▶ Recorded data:
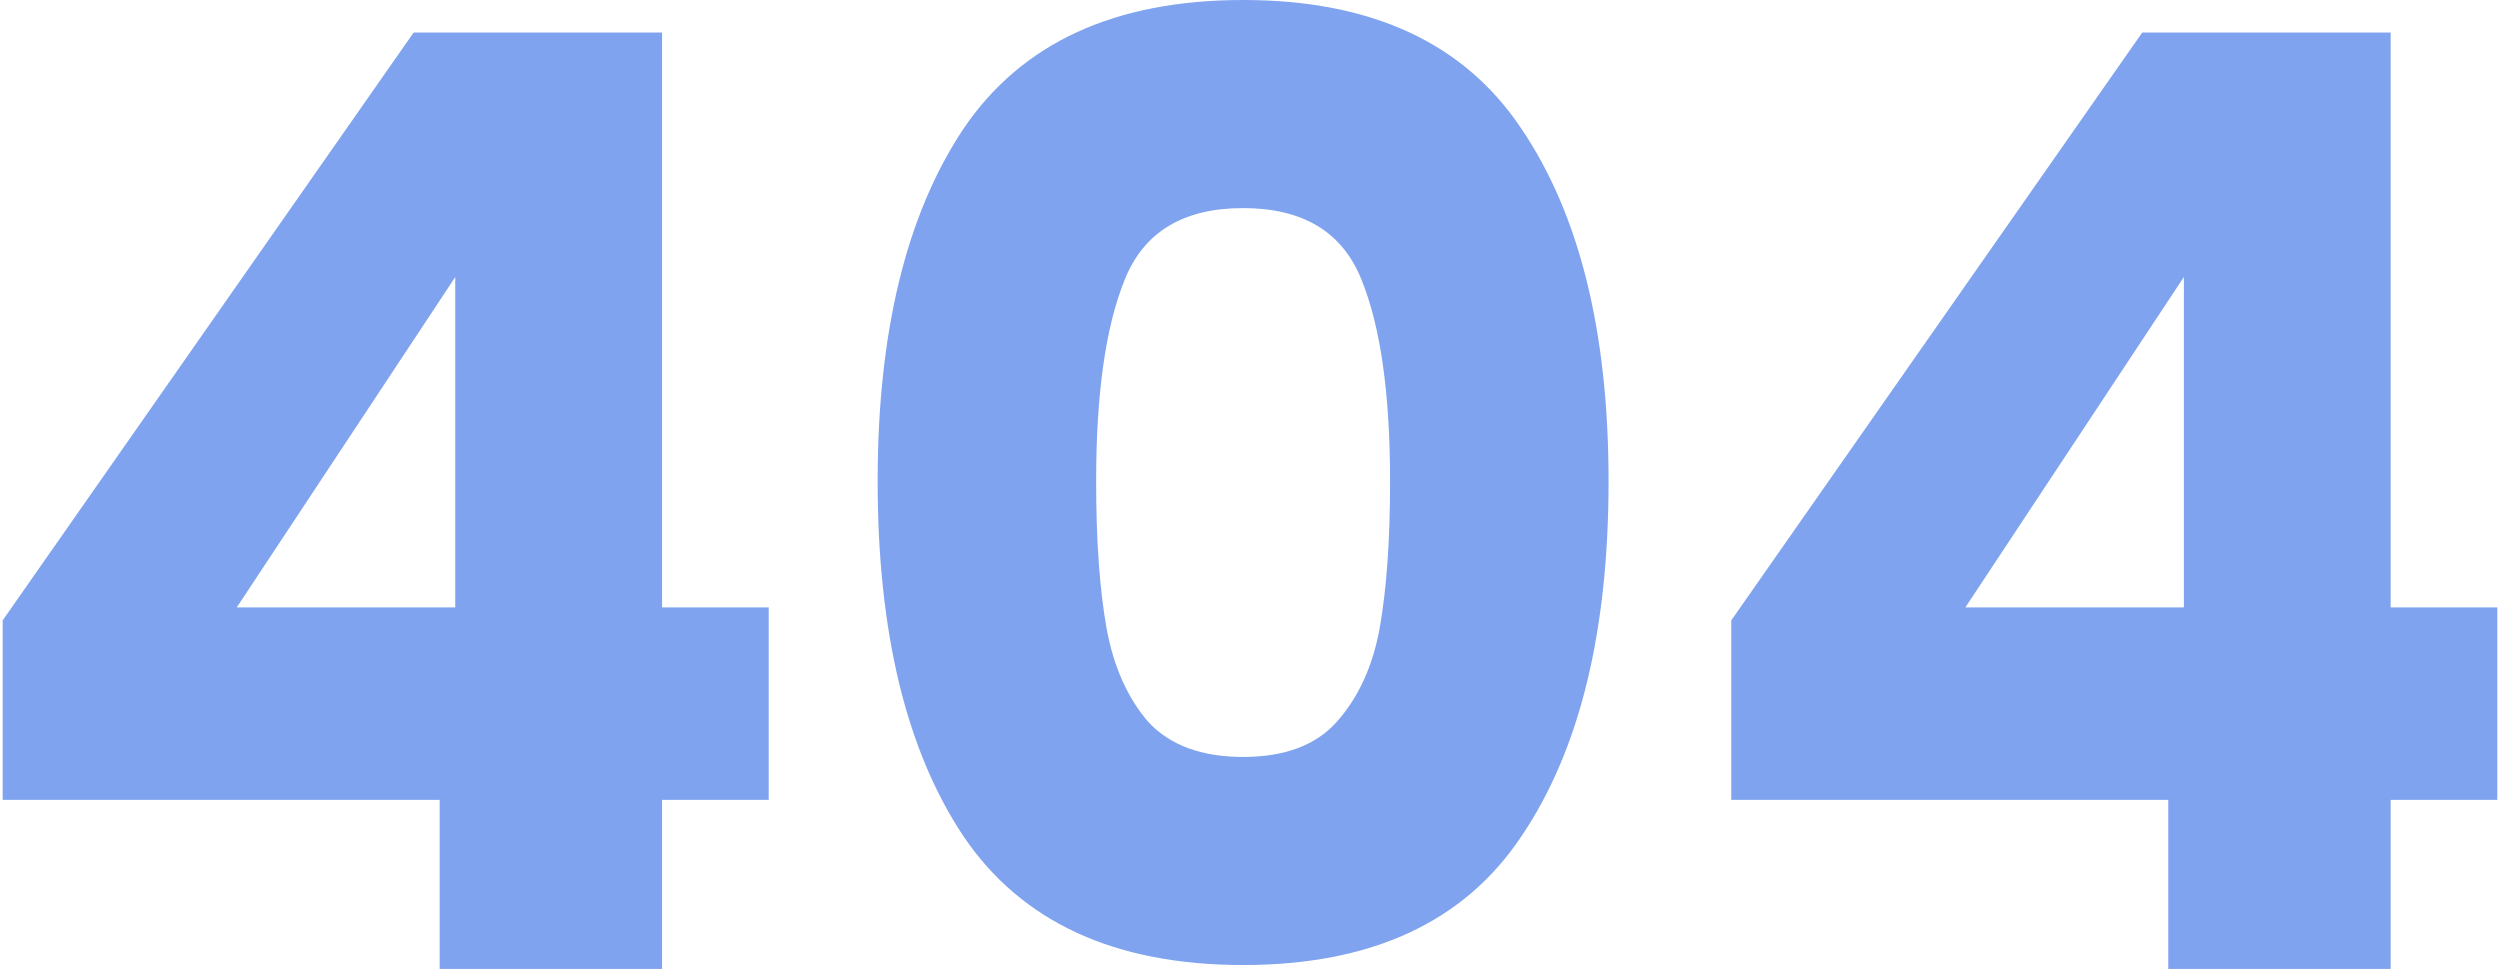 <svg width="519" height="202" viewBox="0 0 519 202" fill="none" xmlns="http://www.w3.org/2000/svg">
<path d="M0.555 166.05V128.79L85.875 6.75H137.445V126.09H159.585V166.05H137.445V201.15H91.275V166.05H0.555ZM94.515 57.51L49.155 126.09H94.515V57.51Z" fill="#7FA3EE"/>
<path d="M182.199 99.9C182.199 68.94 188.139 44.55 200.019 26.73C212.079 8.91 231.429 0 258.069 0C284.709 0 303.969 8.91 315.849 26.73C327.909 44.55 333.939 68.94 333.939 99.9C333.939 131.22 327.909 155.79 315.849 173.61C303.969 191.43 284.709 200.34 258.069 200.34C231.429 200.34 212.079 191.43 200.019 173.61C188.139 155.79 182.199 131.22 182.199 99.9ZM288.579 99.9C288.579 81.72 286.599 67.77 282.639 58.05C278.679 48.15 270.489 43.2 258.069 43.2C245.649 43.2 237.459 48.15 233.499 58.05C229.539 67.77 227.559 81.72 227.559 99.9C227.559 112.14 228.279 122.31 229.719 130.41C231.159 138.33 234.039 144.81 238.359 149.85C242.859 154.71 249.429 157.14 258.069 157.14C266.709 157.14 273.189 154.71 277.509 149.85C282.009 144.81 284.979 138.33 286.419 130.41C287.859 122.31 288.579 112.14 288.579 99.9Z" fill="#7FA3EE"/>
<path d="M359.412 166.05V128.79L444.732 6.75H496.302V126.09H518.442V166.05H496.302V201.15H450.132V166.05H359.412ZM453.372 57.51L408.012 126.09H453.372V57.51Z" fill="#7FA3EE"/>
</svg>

▶ WHAT TO DO: Each record above must be retyped exactly, minus its pictures.

▶ TASK RESPONSE:
 <svg width="519" height="202" viewBox="0 0 519 202" fill="none" xmlns="http://www.w3.org/2000/svg">
<path d="M0.555 166.05V128.79L85.875 6.75H137.445V126.09H159.585V166.05H137.445V201.15H91.275V166.05H0.555ZM94.515 57.51L49.155 126.09H94.515V57.51Z" fill="#7FA3EE"/>
<path d="M182.199 99.9C182.199 68.94 188.139 44.55 200.019 26.73C212.079 8.91 231.429 0 258.069 0C284.709 0 303.969 8.91 315.849 26.73C327.909 44.55 333.939 68.94 333.939 99.9C333.939 131.22 327.909 155.79 315.849 173.61C303.969 191.43 284.709 200.34 258.069 200.34C231.429 200.34 212.079 191.43 200.019 173.61C188.139 155.79 182.199 131.22 182.199 99.9ZM288.579 99.9C288.579 81.72 286.599 67.77 282.639 58.05C278.679 48.15 270.489 43.2 258.069 43.2C245.649 43.2 237.459 48.15 233.499 58.05C229.539 67.77 227.559 81.72 227.559 99.9C227.559 112.14 228.279 122.31 229.719 130.41C231.159 138.33 234.039 144.81 238.359 149.85C242.859 154.71 249.429 157.14 258.069 157.14C266.709 157.14 273.189 154.71 277.509 149.85C282.009 144.81 284.979 138.33 286.419 130.41C287.859 122.31 288.579 112.14 288.579 99.9Z" fill="#7FA3EE"/>
<path d="M359.412 166.05V128.79L444.732 6.75H496.302V126.09H518.442V166.05H496.302V201.15H450.132V166.05H359.412ZM453.372 57.51L408.012 126.09H453.372V57.51Z" fill="#7FA3EE"/>
</svg>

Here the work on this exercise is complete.